(Stored dataset items)
==========

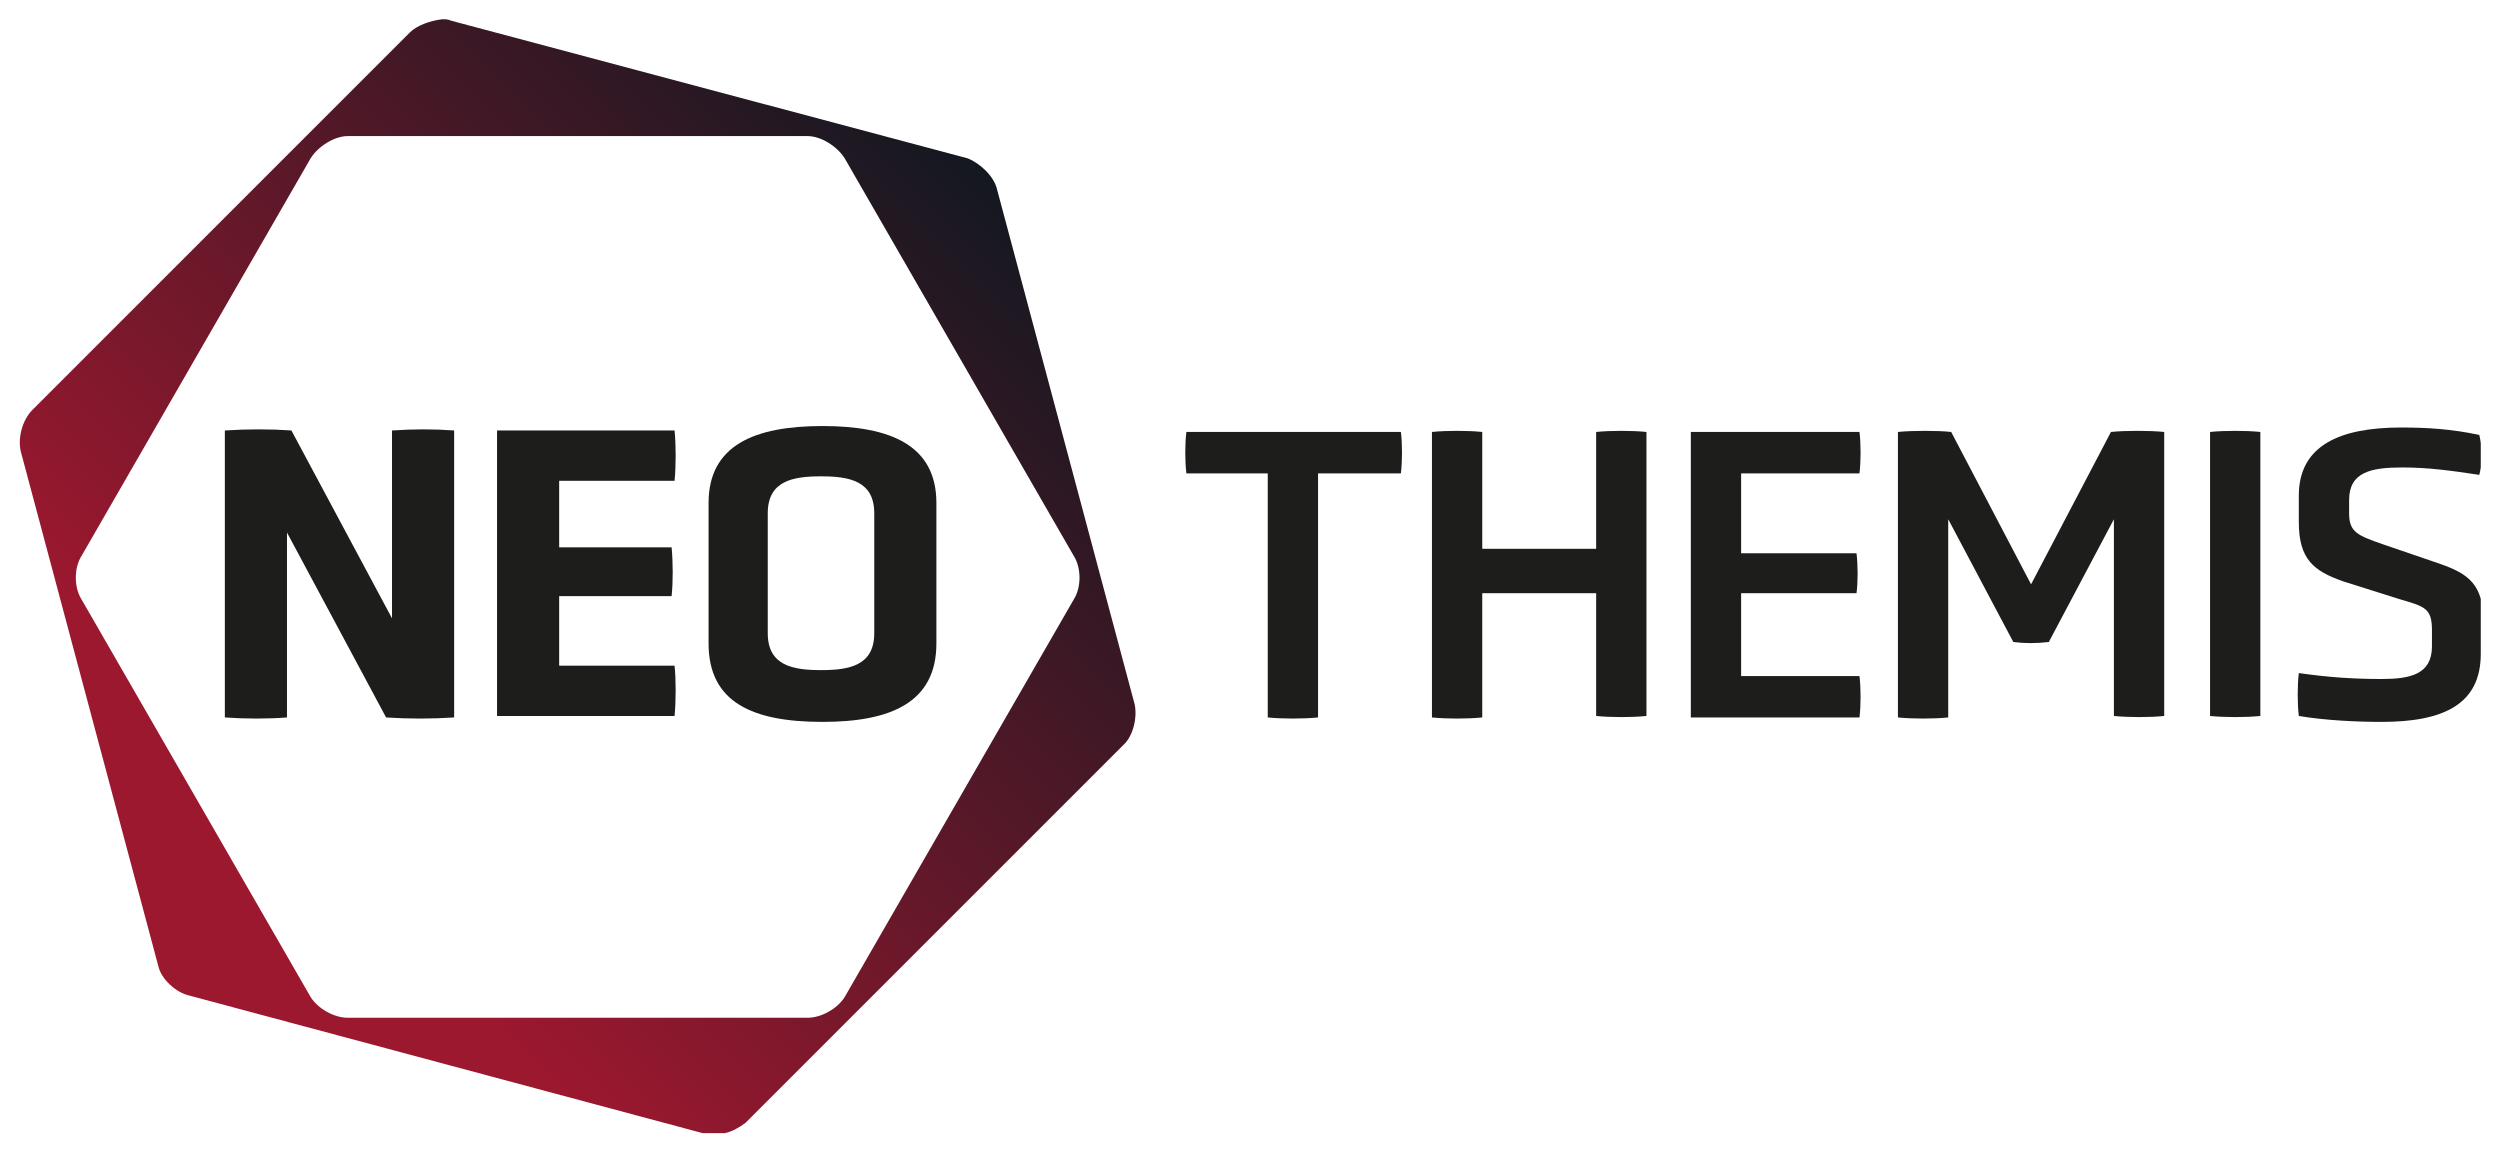 <?xml version="1.0" encoding="utf-8"?>
<!-- Generator: Adobe Illustrator 23.0.6, SVG Export Plug-In . SVG Version: 6.00 Build 0)  -->
<svg version="1.1" id="Layer_1" xmlns="http://www.w3.org/2000/svg" xmlns:xlink="http://www.w3.org/1999/xlink" x="0px" y="0px"
	 viewBox="0 0 169 78" style="enable-background:new 0 0 169 78;" xml:space="preserve">
<style type="text/css">
	.st0{clip-path:url(#SVGID_2_);fill:url(#SVGID_3_);}
	.st1{clip-path:url(#SVGID_5_);fill:#1D1D1B;}
</style>
<g>
	<g>
		<defs>
			<path id="SVGID_1_" d="M21,67.4L5.5,40.5c-0.5-0.8-0.5-2.1,0-2.9L21,10.7c0.5-0.8,1.6-1.5,2.5-1.5h31.1c0.9,0,2,0.7,2.5,1.5
				l15.5,26.9c0.5,0.8,0.5,2.1,0,2.9L57.1,67.4c-0.5,0.8-1.6,1.4-2.5,1.4H23.5C22.6,68.8,21.5,68.2,21,67.4 M27.7,2.2L2.2,27.7
				c-0.7,0.7-1,1.9-0.8,2.8l9.3,34.8c0.2,0.9,1.2,1.8,2.1,2l34.7,9.3h1.5c0.5-0.1,1-0.4,1.4-0.7l25.5-25.5c0.7-0.6,1-1.9,0.8-2.8
				l-9.3-34.8c-0.2-0.9-1.2-1.8-2-2.1L30.5,1.4c-0.2-0.1-0.4-0.1-0.6-0.1C29.1,1.4,28.2,1.7,27.7,2.2"/>
		</defs>
		<clipPath id="SVGID_2_">
			<use xlink:href="#SVGID_1_"  style="overflow:visible;"/>
		</clipPath>
		
			<linearGradient id="SVGID_3_" gradientUnits="userSpaceOnUse" x1="276.223" y1="4333.491" x2="277.223" y2="4333.491" gradientTransform="matrix(55.035 -55.035 -55.035 -55.035 223303.188 253762.016)">
			<stop  offset="0" style="stop-color:#9C182F"/>
			<stop  offset="0.157" style="stop-color:#9C182F"/>
			<stop  offset="0.688" style="stop-color:#451826"/>
			<stop  offset="1" style="stop-color:#101820"/>
		</linearGradient>
		<polygon class="st0" points="-36.5,39 39.1,-36.5 114.6,39 39.1,114.5 		"/>
	</g>
	<g>
		<defs>
			<rect id="SVGID_4_" x="1" y="1" width="166.7" height="75.7"/>
		</defs>
		<clipPath id="SVGID_5_">
			<use xlink:href="#SVGID_4_"  style="overflow:visible;"/>
		</clipPath>
		<path class="st1" d="M19.4,36v12.5c-1.3,0.1-2.8,0.1-4.2,0V29.1c1.5-0.1,3.1-0.1,4.5,0l6.8,12.7V29.1c1.5-0.1,2.8-0.1,4.2,0v19.4
			c-1.5,0.1-3.1,0.1-4.6,0L19.4,36z"/>
		<path class="st1" d="M33.6,48.5V29.1h12c0.1,1,0.1,2.4,0,3.4h-7.8V37h7.6c0.1,1,0.1,2.4,0,3.3h-7.6v4.7h7.8c0.1,0.9,0.1,2.4,0,3.4
			H33.6z"/>
		<path class="st1" d="M63.3,43.5c0,4-3.1,5.3-7.7,5.3c-4.7,0-7.7-1.3-7.7-5.3V34c0-3.9,3.1-5.2,7.7-5.2c4.6,0,7.7,1.3,7.7,5.2V43.5
			z M59.1,34.7c0-2.2-1.7-2.5-3.6-2.5c-1.9,0-3.6,0.3-3.6,2.5v8.1c0,2.2,1.7,2.5,3.6,2.5c1.9,0,3.6-0.3,3.6-2.5V34.7z"/>
		<path class="st1" d="M85.8,32h-5.6c-0.1-0.8-0.1-2,0-2.8h14.5c0.1,0.8,0.1,2,0,2.8h-5.6v16.5c-1,0.1-2.4,0.1-3.4,0V32z"/>
		<path class="st1" d="M107.9,40.1h-7.7v8.4c-1,0.1-2.4,0.1-3.4,0V29.2c1-0.1,2.4-0.1,3.4,0v7.9h7.7v-7.9c1-0.1,2.4-0.1,3.4,0v19.2
			c-1,0.1-2.4,0.1-3.4,0V40.1z"/>
		<path class="st1" d="M114.3,48.5V29.2h11.4c0.1,0.8,0.1,2,0,2.8h-8v5.4h7.8c0.1,0.8,0.1,2,0,2.7h-7.8v5.6h8c0.1,0.8,0.1,2,0,2.8
			H114.3z"/>
		<path class="st1" d="M142.9,35.1l-4.4,8.3c-0.9,0.1-1.6,0.1-2.4,0l-4.4-8.3v13.4c-1,0.1-2.4,0.1-3.4,0V29.2c1-0.1,2.7-0.1,3.6,0
			l5.4,10.3l5.4-10.3c1-0.1,2.6-0.1,3.6,0v19.2c-1,0.1-2.4,0.1-3.4,0V35.1z"/>
		<path class="st1" d="M149.4,29.2c1-0.1,2.4-0.1,3.4,0v19.2c-1,0.1-2.4,0.1-3.4,0V29.2z"/>
		<path class="st1" d="M167.7,44.2c0,3.4-2.5,4.6-6.7,4.6c-1.7,0-3.8-0.1-5.6-0.4c-0.1-0.8-0.1-2.1,0-2.9c2.1,0.3,3.8,0.4,5.6,0.4
			c1.9,0,3.4-0.3,3.4-2.2v-1.1c0-1.5-0.5-1.6-2.2-2.1l-3.8-1.2c-2-0.7-3-1.5-3-4v-1.8c0-3.4,2.8-4.6,6.9-4.6c1.8,0,3.4,0.1,5.3,0.5
			c0.2,0.8,0.2,2,0,2.7c-2-0.3-3.5-0.5-5.2-0.5c-2.1,0-3.6,0.3-3.6,2.2v0.9c0,1.3,0.6,1.5,2.3,2.1l3.8,1.3c2,0.7,3,1.4,3,4.1V44.2z"
			/>
	</g>
</g>
</svg>

==========

Problem details
With the pictures excluded, the records are to be reproduced exactly.

Result for this task
 <?xml version="1.0" encoding="utf-8"?>
<!-- Generator: Adobe Illustrator 23.0.6, SVG Export Plug-In . SVG Version: 6.00 Build 0)  -->
<svg version="1.1" id="Layer_1" xmlns="http://www.w3.org/2000/svg" xmlns:xlink="http://www.w3.org/1999/xlink" x="0px" y="0px"
	 viewBox="0 0 169 78" style="enable-background:new 0 0 169 78;" xml:space="preserve">
<style type="text/css">
	.st0{clip-path:url(#SVGID_2_);fill:url(#SVGID_3_);}
	.st1{clip-path:url(#SVGID_5_);fill:#1D1D1B;}
</style>
<g>
	<g>
		<defs>
			<path id="SVGID_1_" d="M21,67.4L5.5,40.5c-0.5-0.8-0.5-2.1,0-2.9L21,10.7c0.5-0.8,1.6-1.5,2.5-1.5h31.1c0.9,0,2,0.7,2.5,1.5
				l15.5,26.9c0.5,0.8,0.5,2.1,0,2.9L57.1,67.4c-0.5,0.8-1.6,1.4-2.5,1.4H23.5C22.6,68.8,21.5,68.2,21,67.4 M27.7,2.2L2.2,27.7
				c-0.7,0.7-1,1.9-0.8,2.8l9.3,34.8c0.2,0.9,1.2,1.8,2.1,2l34.7,9.3h1.5c0.5-0.1,1-0.4,1.4-0.7l25.5-25.5c0.7-0.6,1-1.9,0.8-2.8
				l-9.3-34.8c-0.2-0.9-1.2-1.8-2-2.1L30.5,1.4c-0.2-0.1-0.4-0.1-0.6-0.1C29.1,1.4,28.2,1.7,27.7,2.2"/>
		</defs>
		<clipPath id="SVGID_2_">
			<use xlink:href="#SVGID_1_"  style="overflow:visible;"/>
		</clipPath>
		
			<linearGradient id="SVGID_3_" gradientUnits="userSpaceOnUse" x1="276.223" y1="4333.491" x2="277.223" y2="4333.491" gradientTransform="matrix(55.035 -55.035 -55.035 -55.035 223303.188 253762.016)">
			<stop  offset="0" style="stop-color:#9C182F"/>
			<stop  offset="0.157" style="stop-color:#9C182F"/>
			<stop  offset="0.688" style="stop-color:#451826"/>
			<stop  offset="1" style="stop-color:#101820"/>
		</linearGradient>
		<polygon class="st0" points="-36.5,39 39.1,-36.5 114.6,39 39.1,114.5 		"/>
	</g>
	<g>
		<defs>
			<rect id="SVGID_4_" x="1" y="1" width="166.7" height="75.7"/>
		</defs>
		<clipPath id="SVGID_5_">
			<use xlink:href="#SVGID_4_"  style="overflow:visible;"/>
		</clipPath>
		<path class="st1" d="M19.4,36v12.5c-1.3,0.1-2.8,0.1-4.2,0V29.1c1.5-0.1,3.1-0.1,4.5,0l6.8,12.7V29.1c1.5-0.1,2.8-0.1,4.2,0v19.4
			c-1.5,0.1-3.1,0.1-4.6,0L19.4,36z"/>
		<path class="st1" d="M33.6,48.5V29.1h12c0.1,1,0.1,2.4,0,3.4h-7.8V37h7.6c0.1,1,0.1,2.4,0,3.3h-7.6v4.7h7.8c0.1,0.9,0.1,2.4,0,3.4
			H33.6z"/>
		<path class="st1" d="M63.3,43.5c0,4-3.1,5.3-7.7,5.3c-4.7,0-7.7-1.3-7.7-5.3V34c0-3.9,3.1-5.2,7.7-5.2c4.6,0,7.7,1.3,7.7,5.2V43.5
			z M59.1,34.7c0-2.2-1.7-2.5-3.6-2.5c-1.9,0-3.6,0.3-3.6,2.5v8.1c0,2.2,1.7,2.5,3.6,2.5c1.9,0,3.6-0.3,3.6-2.5V34.7z"/>
		<path class="st1" d="M85.8,32h-5.6c-0.1-0.8-0.1-2,0-2.8h14.5c0.1,0.8,0.1,2,0,2.8h-5.6v16.5c-1,0.1-2.4,0.1-3.4,0V32z"/>
		<path class="st1" d="M107.9,40.1h-7.7v8.4c-1,0.1-2.4,0.1-3.4,0V29.2c1-0.1,2.4-0.1,3.4,0v7.9h7.7v-7.9c1-0.1,2.4-0.1,3.4,0v19.2
			c-1,0.1-2.4,0.1-3.4,0V40.1z"/>
		<path class="st1" d="M114.3,48.5V29.2h11.4c0.1,0.8,0.1,2,0,2.8h-8v5.4h7.8c0.1,0.8,0.1,2,0,2.7h-7.8v5.6h8c0.1,0.8,0.1,2,0,2.8
			H114.3z"/>
		<path class="st1" d="M142.9,35.1l-4.4,8.3c-0.9,0.1-1.6,0.1-2.4,0l-4.4-8.3v13.4c-1,0.1-2.4,0.1-3.4,0V29.2c1-0.1,2.7-0.1,3.6,0
			l5.4,10.3l5.4-10.3c1-0.1,2.6-0.1,3.6,0v19.2c-1,0.1-2.4,0.1-3.4,0V35.1z"/>
		<path class="st1" d="M149.4,29.2c1-0.1,2.4-0.1,3.4,0v19.2c-1,0.1-2.4,0.1-3.4,0V29.2z"/>
		<path class="st1" d="M167.7,44.2c0,3.4-2.5,4.6-6.7,4.6c-1.7,0-3.8-0.1-5.6-0.4c-0.1-0.8-0.1-2.1,0-2.9c2.1,0.3,3.8,0.4,5.6,0.4
			c1.9,0,3.4-0.3,3.4-2.2v-1.1c0-1.5-0.5-1.6-2.2-2.1l-3.8-1.2c-2-0.7-3-1.5-3-4v-1.8c0-3.4,2.8-4.6,6.9-4.6c1.8,0,3.4,0.1,5.3,0.5
			c0.2,0.8,0.2,2,0,2.7c-2-0.3-3.5-0.5-5.2-0.5c-2.1,0-3.6,0.3-3.6,2.2v0.9c0,1.3,0.6,1.5,2.3,2.1l3.8,1.3c2,0.7,3,1.4,3,4.1V44.2z"
			/>
	</g>
</g>
</svg>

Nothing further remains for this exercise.